Longtop Financial: Benefiting from China Banking Growth

| About: Longtop Financial (LFT)

As the economic expansion in China marches on, new beneficiaries are being uncovered and opportunities to invest in the growth have become more diverse. The Chinese banking system has grown quite rapidly as evidenced by the 17% increase in total assets held by Chinese banks in 2006. That number now comes in at over $5 trillion and 2007 looks to compound that growth with another eye-popping number.

The China banking system is roughly divided into 3 different categories. The largest portion is made up of the four state owned national banks:

  • Industrial and Commercial Bank of China [ICBC]
  • Bank of China
  • Agricultural Bank of China
  • China Construction Bank

The “big four” make up over half of the industry’s assets and are primarily controlled by the Chinese government. The next category are National commercial banks which are partly owned by local governments. There are 12 of these institutions and they make up 12% of the banking assets. Finally there are city and rural commercial banks which are very fragmented and are only allowed to operate locally within the geographic area of their charter.

Longtop Financial (NYSE:LFT) is a technology company that primarily provides software to the banking industry in China. While it has some ancillary services and generates some revenue servicing ATM’s, the primary business is consulting with banks to develop their IT infrastructure. The company operates in a sweet spot of the market right now as the banking growth has far outpaced its technology spend, and many financial institutions are finding it necessary and critical that they update and properly manage their technology backbone.

While Longtop is ranked number three as far as IT providers to Chinese banks, it is the largest provider that is actually based in China which should give the company a competitive advantage.

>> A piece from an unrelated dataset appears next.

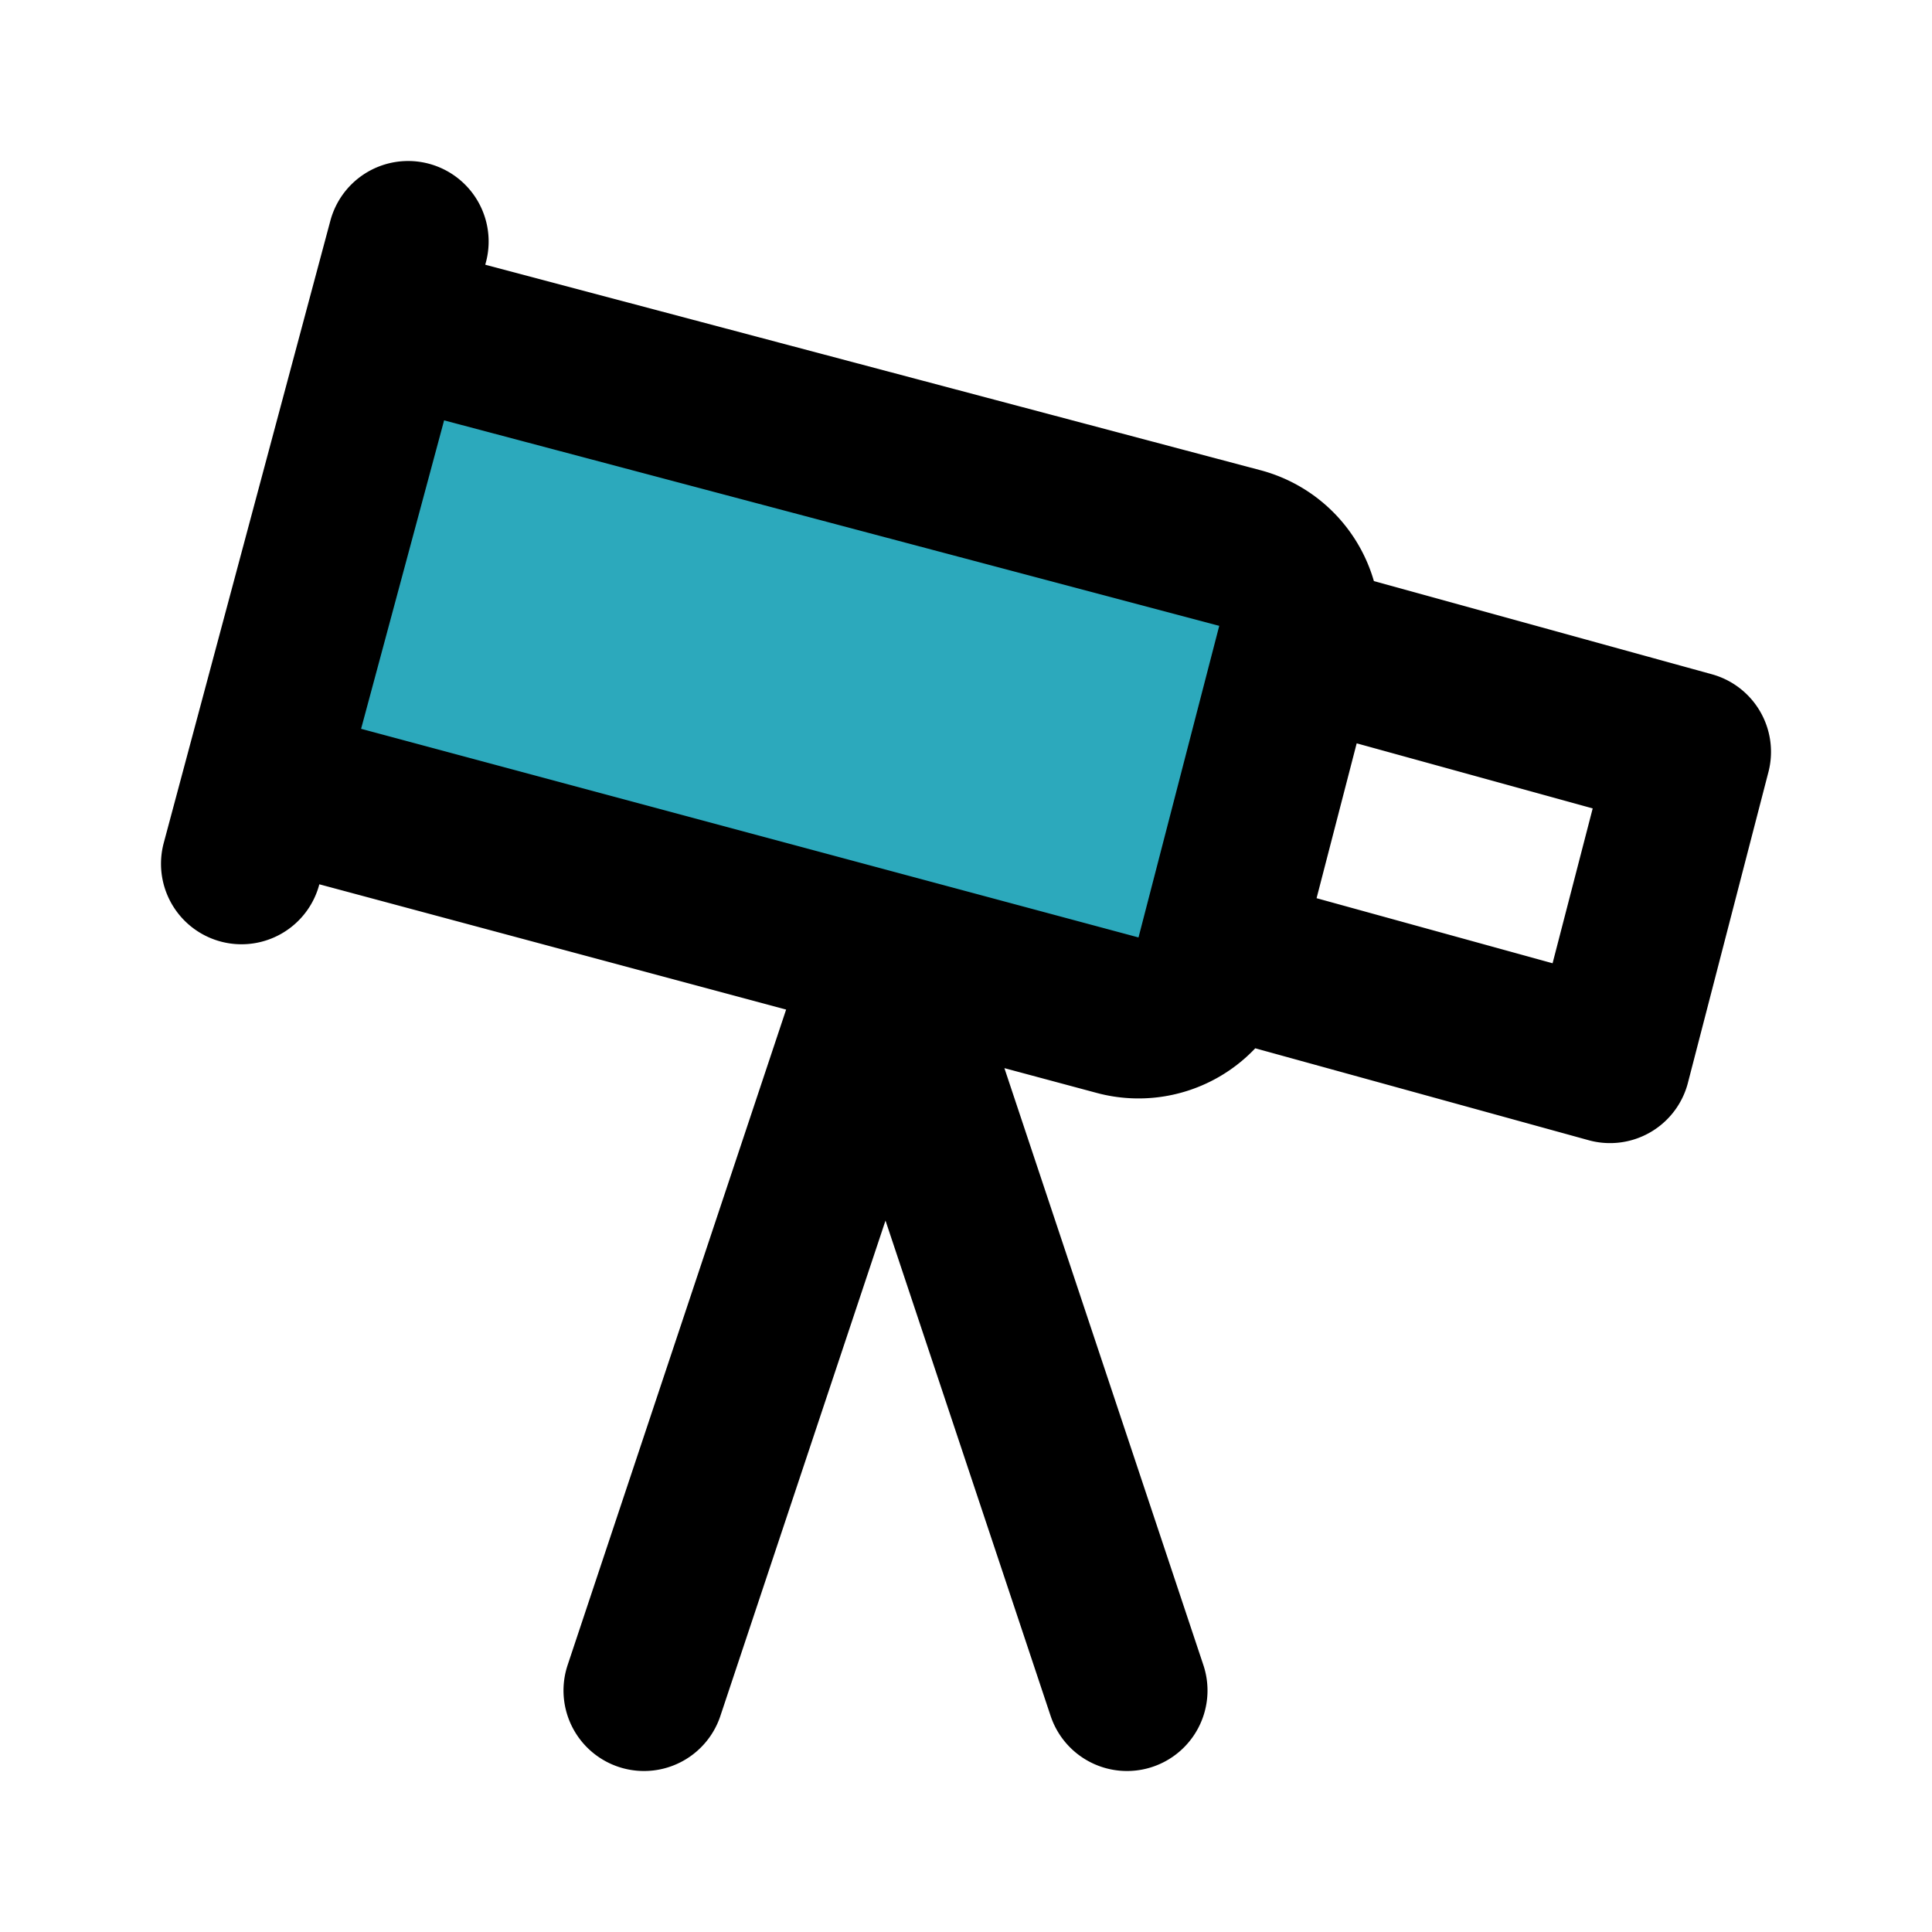<?xml version="1.0" encoding="utf-8"?><!-- Uploaded to: SVG Repo, www.svgrepo.com, Generator: SVG Repo Mixer Tools -->
<svg fill="#000000" width="800px" height="800px" viewBox="0 0 24 24" id="telescope-2" data-name="Flat Line" xmlns="http://www.w3.org/2000/svg" class="icon flat-line"><path id="secondary" d="M4.83,5.42h11a0,0,0,0,1,0,0v6a0,0,0,0,1,0,0h-11a1,1,0,0,1-1-1v-4a1,1,0,0,1,1-1Z" transform="matrix(-0.97, -0.26, 0.26, -0.97, 17.15, 19.09)" style="fill: rgb(44, 169, 188); stroke-width: 2;"></path><path id="primary" d="M14,21l-3-9M8,21l3-9M3.26,9.76l10.62,2.85a1,1,0,0,0,1.23-.71l1-3.86a1,1,0,0,0-.7-1.23L4.81,4ZM21,9.34,16.14,8l-1,3.86L20,13.2ZM5.07,3,3,10.73" style="fill: none; stroke: rgb(0, 0, 0); stroke-linecap: round; stroke-linejoin: round; stroke-width: 2;"></path></svg>

Not only does management have a better understanding of the culture and better relationships with key industry personnel, but LFT should also benefit from the fact that regulators look more positively on Chinese companies than on foreign operators in the area.

LFT has a large concentration of its revenue with its two primary customers (Agricultural Bank of China and China Construction Bank). In 2006, the two clients made up 75% of software development revenue which is a bit concerning. However, during the last earnings release, management noted that both of these clients grew in revenue, but that new client sales growth was so strong that revenue from these 2 clients now only accounts for 44% of revenue year to date. The company should be proud of the fact that they can count three of the top four banking institutions as their clients and that credibility should continue to help the sales team land new clients as LFT’s reputation is stellar.

The IPO transaction occurred in late October and the underwriters were able to price the stock above the expected range which is often a very good sign of demand. The company raised $143 million and had a good bit of flexibility as to how it would spend the capital. Since there is currently no long-term debt to speak of and the balance sheet shows ample cash, management has a lot of flexibility in growing the company. Since the technology industry is so fragmented, it is likely that LFT will purchase some of its competitors to pick up on niche products offered and expand their geographic footprint. These acquisitions would likely be accretive as many transactions in the industry have been done at low multiples. LFT enjoys a premium valuation due to its growth prospects and the quality of its financial position.

The tax situation in China may be somewhat of an overhang in the stock. Up to this point the stock has been taxed at a low rate, but sweeping changes will cause most corporations to be charged 25% as a flat rate. There are exceptions for “qualifying high technology enterprises” which LFT may have an outside chance of being considered for. But most analysts expect the tax rate to be higher which will cut into earnings somewhat.

Regardless of tax situations, it appears Longtop is situated to benefit from increasing expansion in the industry. Its local ties will most likely keep it in the good graces of an evolving government and its ties to state owned banks solidify its competitive position.